Last, because the neighborhoods were sampled to
over-represent neighborhoods with high levels of
drug activity, drug activity was included as a control
variable in the final model (Model 5). While drug
activity at the neighborhood level is notoriously
difficult to measure accurately, recent work by
Warner and Coomer (2003) suggests that drug arrest
data can be used as a relatively valid measure of
drug activity at the neighborhood level. Therefore,
all drug arrests for 1999 were geo-coded and a count
of drug arrests per neighborhood was created. This
count was then divided by the 2000 population
count and multiplied by 1,000 to obtain a drug
arrest rate per 1,000 residents. The average drug
arrest rate across neighborhoods was 28.46. The
drug arrest rate was not found to significantly effect
violence, and none of the other findings changed
substantively.
The analysis next turned to an examination of the
moderating effects of informal social control and
social support. In order to examine moderating
effects, the sample was divided into two groups (high
and low) based on the mean for each of the moderating variables. While this approach had limitations,
the multicollinearity problems that arose in these data
when a (mean centered) multiplicative interaction
term was entered were too severe to allow for
interpretation of the results. Further, this method of
examining moderating effects was used in several
examinations of GST at the individual level (see for
example, Capowich et al., 2001; Hoffman & Miller,
1998; Mazerolle & Piquero, 1997).
Turning first to the moderating effects of informal
social control, the study examined whether the effects
of strain on violence were different in neighborhoods
with low versus high levels of informal social con-
trol. High informal social control neighborhoods
were defined as those having 56.5 percent or more
of the respondents stating neighbors were ‘‘very
likely’’ to intervene and low informal social control
neighborhoods were those having less than 56.5
percent of the respondents stating neighbors were
‘‘very likely’’ to intervene. Findings from these
models appear in Table 5 (Models 1 and 2). The
findings in the models were not consistent with what
MST would predict. MST hypothesized that the
effects of strain would be greatest in neighborhoods
where informal social control was low. The findings
here, however, suggested that strain significantly
increased violence only in neighborhoods with high
levels of informal social control. While the neighborhoods with low informal social control had higher
levels of strain (.39 versus .27) and higher levels of
violent crime (13.13 versus 2.77), the effect of strain
on violence was not significant in these neighborhoods.
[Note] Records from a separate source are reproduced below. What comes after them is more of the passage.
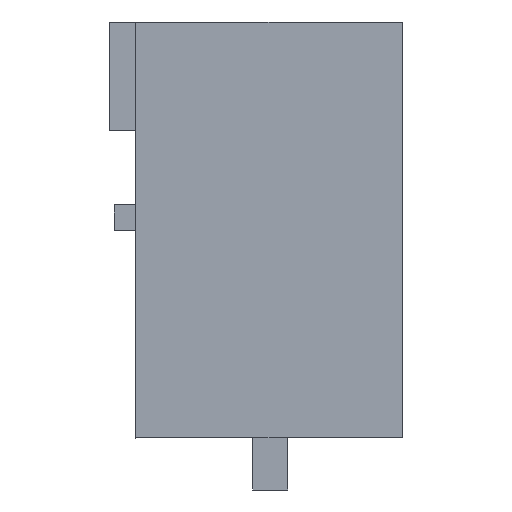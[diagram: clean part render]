
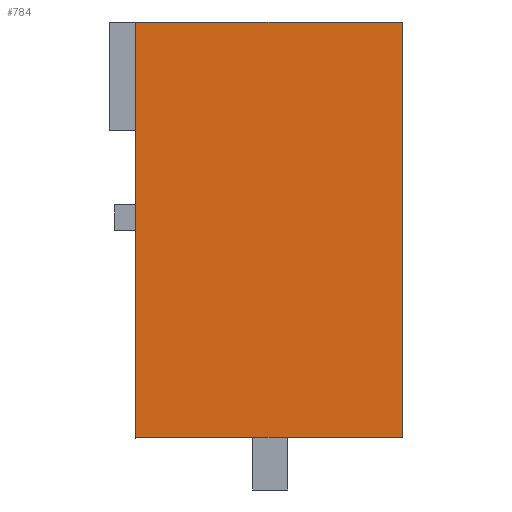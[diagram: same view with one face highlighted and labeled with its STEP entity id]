
A CAD part, left-side view. The second image highlights one B-rep face of the part: STEP entity #784.
In plain terms, the highlighted planar face has unit normal (-1, 0, 0).
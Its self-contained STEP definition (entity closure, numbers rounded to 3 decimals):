
#771=AXIS2_PLACEMENT_3D('Plane Axis2P3D',#768,#769,#770) ;
#89=CARTESIAN_POINT('Vertex',(0.,0.,13.5)) ;
#92=CARTESIAN_POINT('Line Origine',(0.,0.,7.5)) ;
#96=CARTESIAN_POINT('Vertex',(0.,0.,1.5)) ;
#205=CARTESIAN_POINT('Vertex',(0.,7.68,13.5)) ;
#208=CARTESIAN_POINT('Line Origine',(0.,3.84,13.5)) ;
#745=CARTESIAN_POINT('Vertex',(0.,7.68,1.5)) ;
#755=CARTESIAN_POINT('Line Origine',(0.,3.84,1.5)) ;
#768=CARTESIAN_POINT('Axis2P3D Location',(0.,7.68,13.5)) ;
#773=CARTESIAN_POINT('Line Origine',(0.,7.68,7.5)) ;
#93=DIRECTION('Vector Direction',(0.,0.,-1.)) ;
#209=DIRECTION('Vector Direction',(0.,-1.,0.)) ;
#756=DIRECTION('Vector Direction',(0.,-1.,0.)) ;
#769=DIRECTION('Axis2P3D Direction',(1.,0.,0.)) ;
#770=DIRECTION('Axis2P3D XDirection',(0.,-1.,0.)) ;
#774=DIRECTION('Vector Direction',(0.,0.,-1.)) ;
#94=VECTOR('Line Direction',#93,1.) ;
#210=VECTOR('Line Direction',#209,1.) ;
#757=VECTOR('Line Direction',#756,1.) ;
#775=VECTOR('Line Direction',#774,1.) ;
#779=ORIENTED_EDGE('',*,*,#759,.T.) ;
#780=ORIENTED_EDGE('',*,*,#98,.F.) ;
#781=ORIENTED_EDGE('',*,*,#212,.T.) ;
#782=ORIENTED_EDGE('',*,*,#777,.T.) ;
#784=ADVANCED_FACE('Body',(#783),#772,.F.) ;
#98=EDGE_CURVE('',#90,#97,#95,.T.) ;
#212=EDGE_CURVE('',#90,#206,#211,.F.) ;
#759=EDGE_CURVE('',#746,#97,#758,.T.) ;
#777=EDGE_CURVE('',#206,#746,#776,.T.) ;
#778=EDGE_LOOP('',(#779,#780,#781,#782)) ;
#783=FACE_OUTER_BOUND('',#778,.T.) ;
#95=LINE('Line',#92,#94) ;
#211=LINE('Line',#208,#210) ;
#758=LINE('Line',#755,#757) ;
#776=LINE('Line',#773,#775) ;
#772=PLANE('',#771) ;
#90=VERTEX_POINT('',#89) ;
#97=VERTEX_POINT('',#96) ;
#206=VERTEX_POINT('',#205) ;
#746=VERTEX_POINT('',#745) ;

Since these findings were contradictory to
expectations, they were further examined by testing
for the equality of the strain regression coefficients in
the high and low informal social control models.
Following Paternoster, Brame, Mazerolle, and
Piquero (1998), an unbiased estimate of the standard
deviation of the sampling distribution was used and
the z score for the difference between the two
coefficients was calculated.6 Findings from this analysis showed that the two coefficients were not
significantly different (z = 1.28), suggesting that
the effects of strain on violence were similar across
neighborhood levels of informal social control.
Models 3 and 4 in Table 5 present the results of
the conditional effects of social support/social capital.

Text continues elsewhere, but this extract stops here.